Non è una pronuncia locale, tipica per alcune regioni del Piemonte?

Anch'io (da vecchio torinese ) ho una certa tendenza di pronunciare la _*i*_ in questi casi .... Forse è questa la spiegazione, non lo so  ....


----------



## TheCrociato91

Nella mia varietà regionale e idolettale la pronuncia è la stessa (con la /e/ chiusa), eccetto nel caso in cui si voglia enfatizzare che si tratta di "cieco" e non "ceco". La vocale dovrebbe essere allungata in entrambi i casi in quanto si trovano in sillaba tonica aperta.


----------



## bearded

francisgranada said:


> La mia domanda è se questa è solo una mia "anomalia personale", oppure anche voi, madrelingua italiani, avete la tendenza di fare questa differenza nella pronuncia, o assolutamente no.

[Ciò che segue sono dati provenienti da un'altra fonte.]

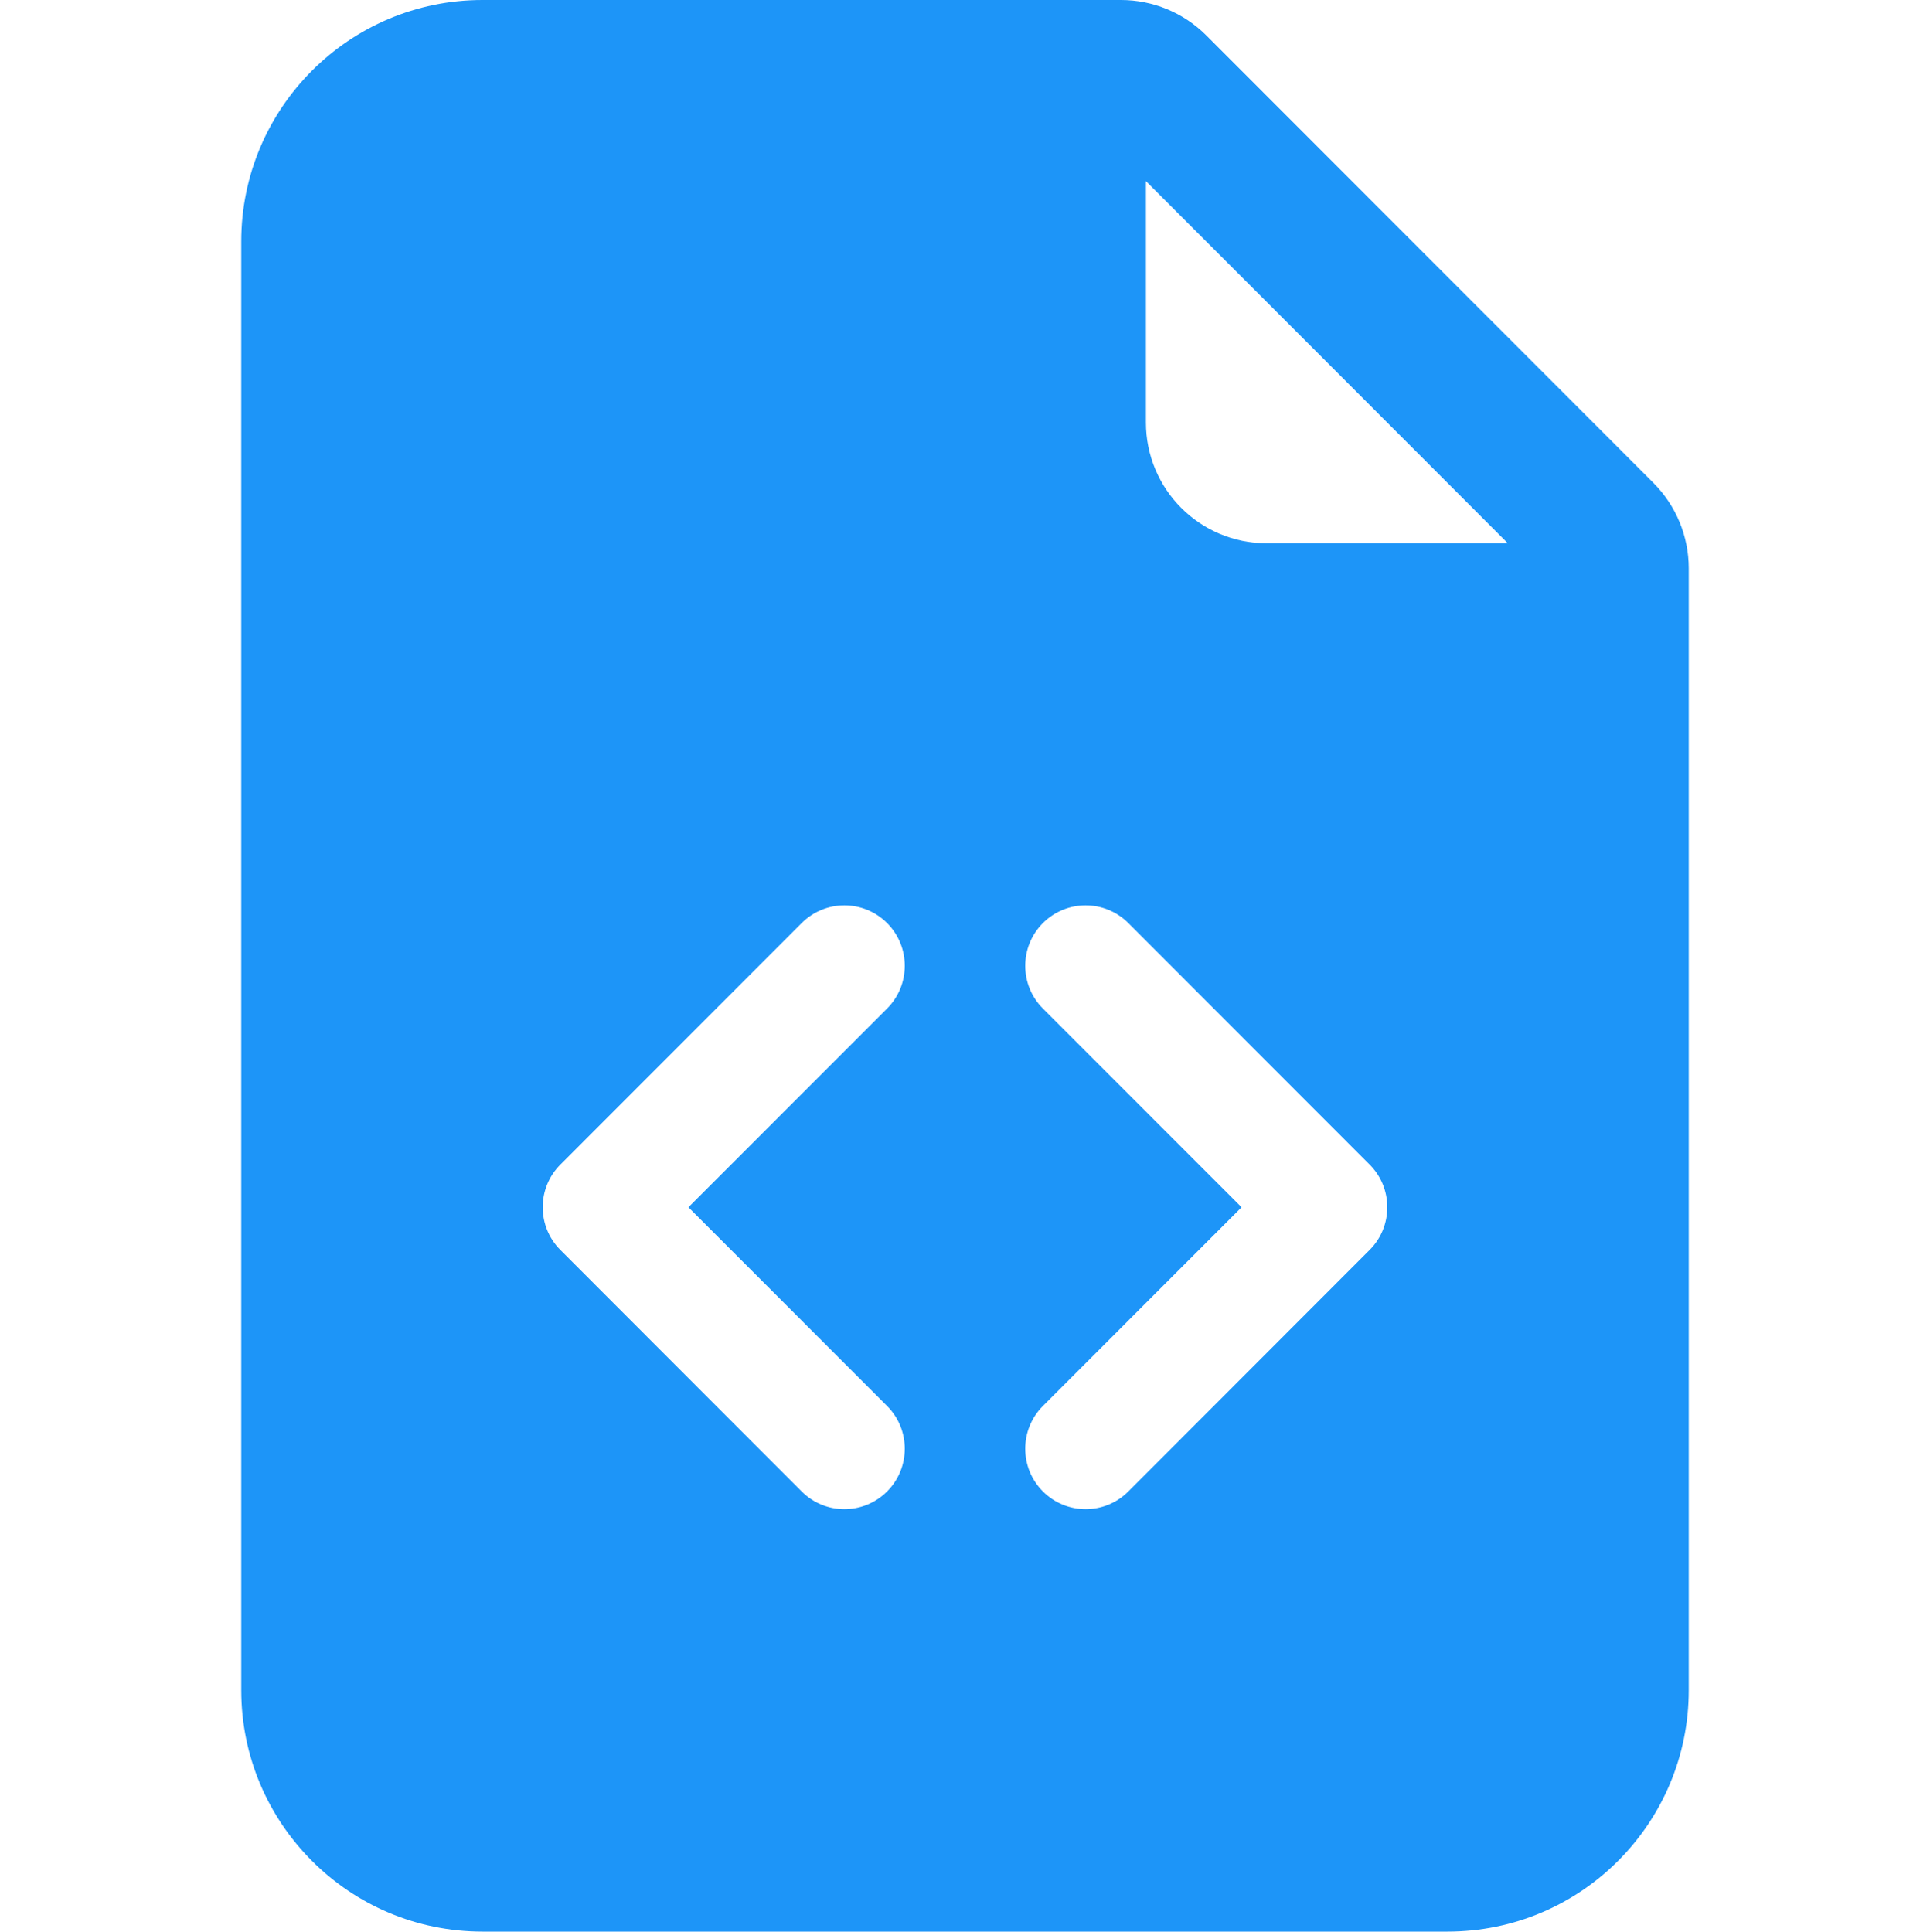 <svg width="720" height="721" xmlns="http://www.w3.org/2000/svg" xmlns:xlink="http://www.w3.org/1999/xlink" xml:space="preserve" overflow="hidden"><g transform="translate(-280 0)"><path d="M418.185 0 180 0C130.294 0 90 40.294 90 90L90 630C90 679.706 130.294 720 180 720L540 720C589.706 720 630 679.706 630 630L630 211.815C629.997 199.881 625.255 188.437 616.815 180L450 13.185C441.563 4.745 430.119 0.003 418.185 5.68628e-07ZM427.5 157.5 427.5 67.5 562.5 202.5 472.5 202.5C447.647 202.5 427.5 182.353 427.5 157.5ZM299.07 344.07C307.868 335.272 322.132 335.272 330.93 344.07 339.728 352.868 339.728 367.132 330.93 375.93L256.815 450 330.93 524.07C339.728 532.868 339.728 547.132 330.93 555.93 322.132 564.728 307.868 564.728 299.07 555.93L209.07 465.93C200.272 457.154 200.254 442.908 209.03 434.11 209.043 434.097 209.057 434.083 209.07 434.07L299.07 344.07ZM420.93 344.07 510.93 434.07C519.728 442.846 519.746 457.092 510.97 465.89 510.957 465.903 510.943 465.917 510.93 465.93L420.93 555.93C412.132 564.728 397.868 564.728 389.07 555.93 380.272 547.132 380.272 532.868 389.07 524.07L463.185 450 389.07 375.93C380.272 367.132 380.272 352.868 389.07 344.07 397.868 335.272 412.132 335.272 420.93 344.07Z" fill="#1D95F8" transform="matrix(1 0 0 1.001 280 0)"/></g></svg>

La mia risposta è no: per me i due vocaboli si pronunciano esattamente allo stesso modo, con la è aperta (come del resto indicano i dizionari, a cominciare dal Treccani): sono cioè omofoni.  Come saprai, la distinzione tra vocali lunghe e brevi non ha valore semantico in italiano, e comunque non mi pare che ci sia una ragione fonetica per differenziare le due 'quantità' (lunghezze).  Inoltre la i di 'cieco' non si avverte nella pronuncia standard: i gruppi ce e cie si pronunciano allo stesso modo (ad es. le parole camice e camicie si distinguono solo per la posizione dell'accento tonico). In Italia è prevalentemente nell'accento dialettale napoletano/campano (e forse in altri accenti dialettali) che quelle i vengono pronunciate - e dunque un napoletano distingue cieco da ceco anche oralmente e non solo nella scrittura.


----------



## Arnoldas

Buona sera a tutti e scusate il mio intervento. Qualche tempo fa ho letto (non mi ricordo dove) che per non sbagliare con le parole "cieco" e "ceco" (la pronuncia è la stessa!) è meglio usare espressioni "non vedente" e "la lingua ceca", "la Repubblica Ceca". 🤗


----------



## symposium

Ciao, Arnoldas! Ovviamente il rischio di confusione può esserci solo nel parlato, visto che le due parole si scrivono in modo diverso. Di solito dal contesto si può capire di che cosa si sta parlando, ma se ci fossero dubbi si può specificare: dipende dalla situazione.


----------



## Olaszinhok

Arnoldas said:


> Buona sera a tutti e scusate il mio intervento. Qualche tempo fa ho letto (non mi ricordo dove) che per non sbagliare con le parole "cieco" e "ceco" (la pronuncia è la stessa!) è meglio usare espressioni "non vedente" e "la lingua ceca", "la Repubblica Ceca


Scusa Arnoldas, ma mi permetto di dire che ciò che tu hai letto mi sembra una sciocchezza: vi sono lingue con tantissime parole omofone e  non si ricorre certo a perifrasi per differenziarle. Come ti hanno già risposto, basta il contesto per far chiarezza.
Vorrei anche rammentare che in *italiano standard *sia cieco che ceco vanno pronunciati *cε:co*, con la e aperta. Ho usato solo il simbolo fonetico della _e_ aperta: *ε *

Per Francis*: *ti chiedevo della distinzione fra vocali aperte e chiuse, perché avevi usato il simbolo _e_, che in realtà corrisponde al suono chiuso.


----------



## marco.cur

In questi casi ci si affida al DOP, il dizionario ortografico più autorevole.
Dizionario d'ortografia e di pronunzia


----------



## francisgranada

Olaszinhok said:


> Per Francis*: *ti chiedevo della distinzione fra vocali aperte e chiuse, perché avevi usato il simbolo _e_, che in realtà corrisponde al suono chiuso.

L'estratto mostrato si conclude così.